## RECORD EXTRACTS
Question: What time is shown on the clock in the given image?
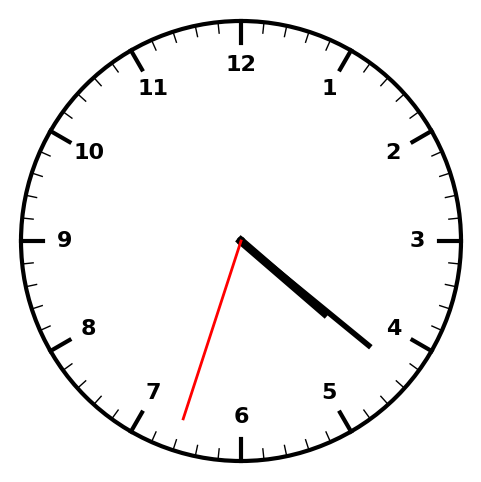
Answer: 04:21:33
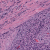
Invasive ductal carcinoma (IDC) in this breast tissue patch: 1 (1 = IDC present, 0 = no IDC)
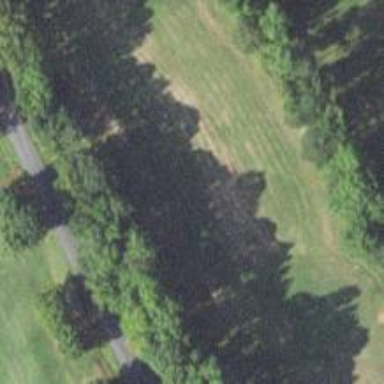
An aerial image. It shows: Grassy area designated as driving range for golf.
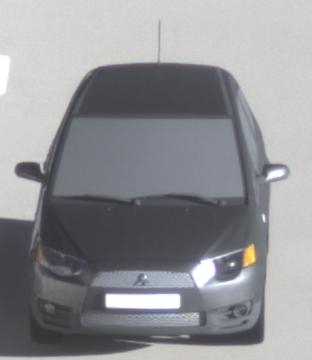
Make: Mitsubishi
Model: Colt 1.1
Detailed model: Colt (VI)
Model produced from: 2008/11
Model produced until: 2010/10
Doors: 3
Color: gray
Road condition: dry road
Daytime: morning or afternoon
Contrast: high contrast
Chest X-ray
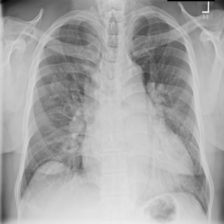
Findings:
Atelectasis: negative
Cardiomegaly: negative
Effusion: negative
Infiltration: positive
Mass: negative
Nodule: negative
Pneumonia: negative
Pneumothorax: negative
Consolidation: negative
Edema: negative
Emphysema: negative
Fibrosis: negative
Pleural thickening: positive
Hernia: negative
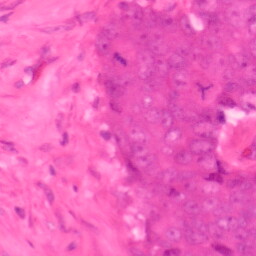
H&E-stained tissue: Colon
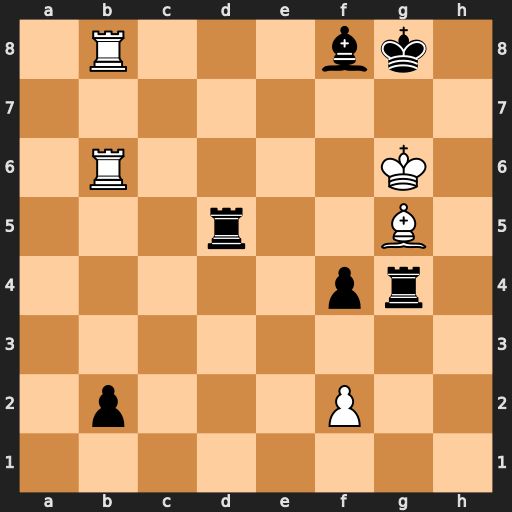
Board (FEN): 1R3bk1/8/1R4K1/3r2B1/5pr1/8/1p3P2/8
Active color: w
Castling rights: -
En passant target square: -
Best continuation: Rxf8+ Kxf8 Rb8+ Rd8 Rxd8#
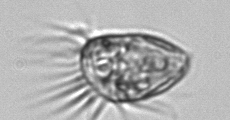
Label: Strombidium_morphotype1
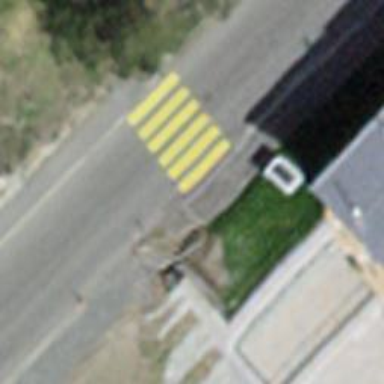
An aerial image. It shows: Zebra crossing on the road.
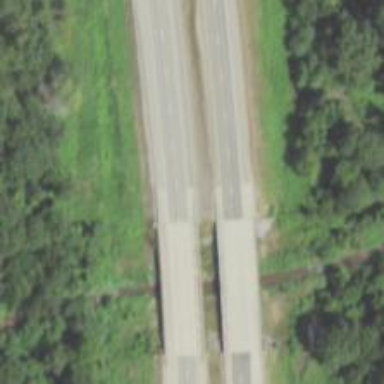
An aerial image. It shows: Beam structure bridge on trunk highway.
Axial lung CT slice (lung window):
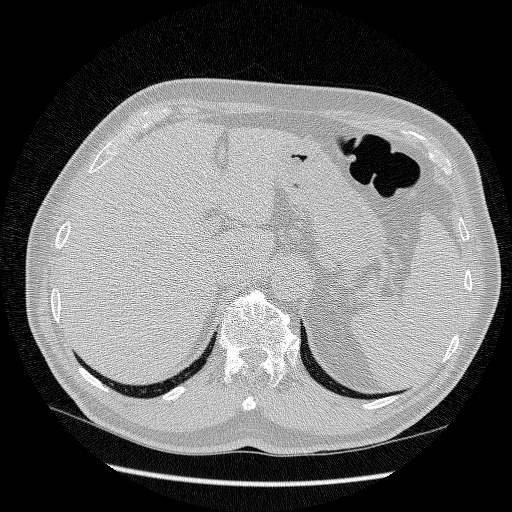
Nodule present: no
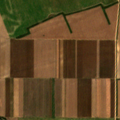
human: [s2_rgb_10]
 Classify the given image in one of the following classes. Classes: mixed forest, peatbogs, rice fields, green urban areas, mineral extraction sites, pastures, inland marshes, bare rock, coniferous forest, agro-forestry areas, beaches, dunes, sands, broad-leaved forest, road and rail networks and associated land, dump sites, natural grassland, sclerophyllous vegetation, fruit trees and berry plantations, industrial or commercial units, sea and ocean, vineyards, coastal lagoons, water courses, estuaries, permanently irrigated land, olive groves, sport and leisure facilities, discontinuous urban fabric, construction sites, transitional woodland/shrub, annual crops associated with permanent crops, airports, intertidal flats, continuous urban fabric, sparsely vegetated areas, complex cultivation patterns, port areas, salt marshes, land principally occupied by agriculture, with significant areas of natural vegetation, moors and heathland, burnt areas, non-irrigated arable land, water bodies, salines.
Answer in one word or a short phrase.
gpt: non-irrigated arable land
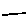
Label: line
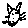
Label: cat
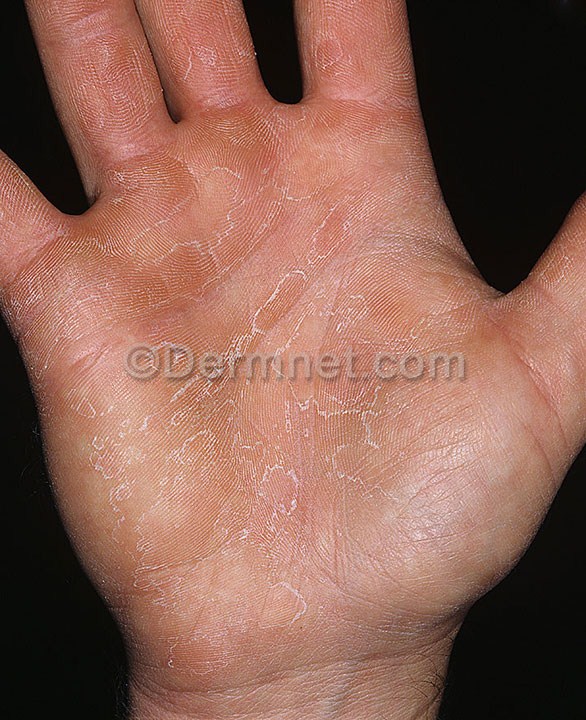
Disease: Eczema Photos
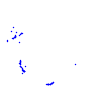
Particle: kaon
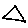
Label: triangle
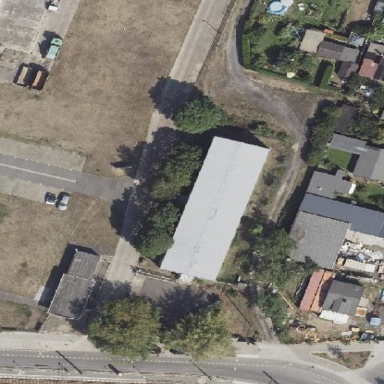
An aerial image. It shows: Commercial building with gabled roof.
--
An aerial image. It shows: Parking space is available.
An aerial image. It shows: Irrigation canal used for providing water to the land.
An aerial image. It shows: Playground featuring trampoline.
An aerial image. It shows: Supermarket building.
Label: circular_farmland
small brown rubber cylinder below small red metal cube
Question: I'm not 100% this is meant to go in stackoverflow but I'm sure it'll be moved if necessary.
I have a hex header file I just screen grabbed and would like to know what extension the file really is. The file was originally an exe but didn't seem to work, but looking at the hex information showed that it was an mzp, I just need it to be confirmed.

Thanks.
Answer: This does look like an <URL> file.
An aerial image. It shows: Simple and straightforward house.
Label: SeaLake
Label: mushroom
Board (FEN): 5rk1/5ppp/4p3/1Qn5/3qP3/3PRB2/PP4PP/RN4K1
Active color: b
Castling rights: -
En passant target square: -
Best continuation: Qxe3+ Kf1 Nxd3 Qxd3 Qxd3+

## EXERCISE INSTRUCTIONS
Wherever the string "water" appears in a line of the records, copy that line.

## FINISHED EXERCISE
 Classify the given image in one of the following classes. Classes: mixed forest, peatbogs, rice fields, green urban areas, mineral extraction sites, pastures, inland marshes, bare rock, coniferous forest, agro-forestry areas, beaches, dunes, sands, broad-leaved forest, road and rail networks and associated land, dump sites, natural grassland, sclerophyllous vegetation, fruit trees and berry plantations, industrial or commercial units, sea and ocean, vineyards, coastal lagoons, water courses, estuaries, permanently irrigated land, olive groves, sport and leisure facilities, discontinuous urban fabric, construction sites, transitional woodland/shrub, annual crops associated with permanent crops, airports, intertidal flats, continuous urban fabric, sparsely vegetated areas, complex cultivation patterns, port areas, salt marshes, land principally occupied by agriculture, with significant areas of natural vegetation, moors and heathland, burnt areas, non-irrigated arable land, water bodies, salines.
An aerial image. It shows: Irrigation canal used for providing water to the land.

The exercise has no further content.